Infants and leukemia: understanding the mechanisms behind leukemogenesis in early life

Acute leukemia in infancy, i.e. children aged 0-12 months, is characterized by KMT2A-gene rearrangements (KMT2A-r), and a very poor outcome. The biological reason for this poor outcome is not known.

My hypothesis is that that the poor outcome is connected to genomic alterations, to an intrinsic resistance, or to an age-dependent difference in the composition of normal and malignant cells in the bone marrow.

In the first project, KMT2A-r acute leukemia samples are studied at the cellular level to reveal mechanisms of therapy resistance alongside with chemotherapy modelling in PDX-models.

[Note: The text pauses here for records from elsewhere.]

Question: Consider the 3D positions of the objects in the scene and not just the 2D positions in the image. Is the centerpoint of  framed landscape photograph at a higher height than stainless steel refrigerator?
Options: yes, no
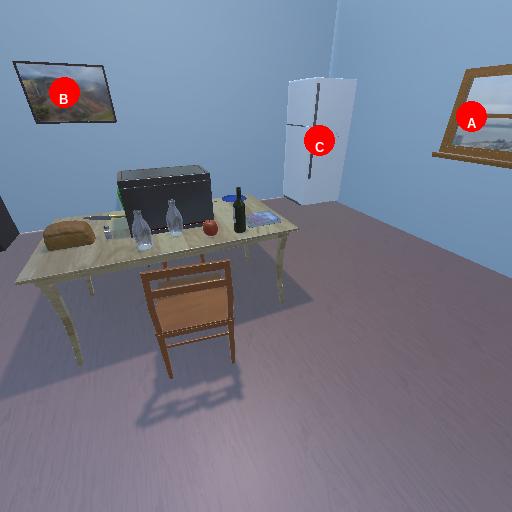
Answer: yes
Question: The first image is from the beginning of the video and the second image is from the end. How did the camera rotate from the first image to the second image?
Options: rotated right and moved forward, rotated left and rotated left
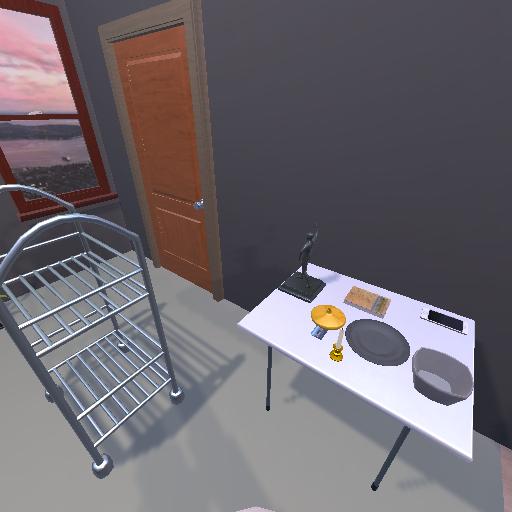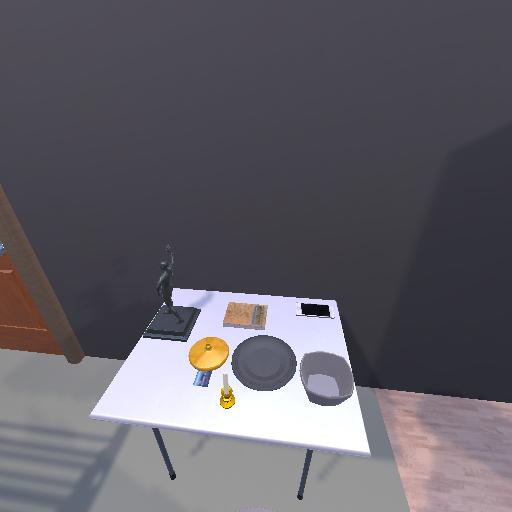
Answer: rotated right and moved forward
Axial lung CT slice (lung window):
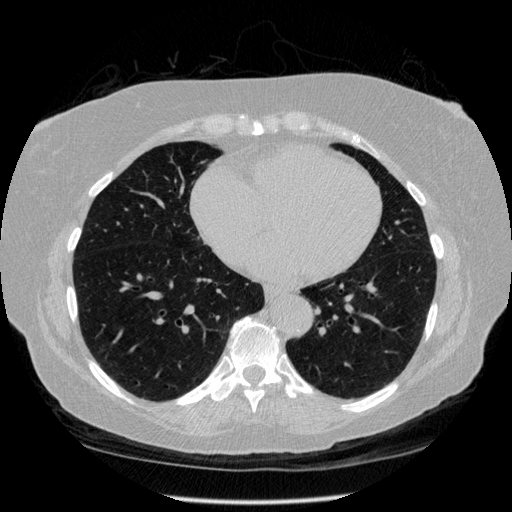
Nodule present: no
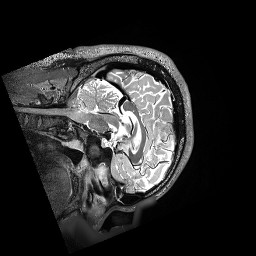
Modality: T2w
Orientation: sagittal
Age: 38
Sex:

In the second project, KMT2A-r acute leukemia samples from infancy to adulthood are studied to uncover the molecular basis of leukemia across age groups and key findings are translated into improved clinical diagnostics and follow-up.

In the third project, genetic changes are functionally studied to delineate mechanisms underlying leukemia development including lineage fate, how treatment affects the evolution of genetically distinct clones and mechanisms of resistance. This project will be performed by myself, a PhD student, two post-docs, a research engineer, and a senior researcher.

The overall goal of this proposal is to improve our biological understanding of infant leukemia development, progression, and relapse and thereby impact how it is diagnosed and treated in the future.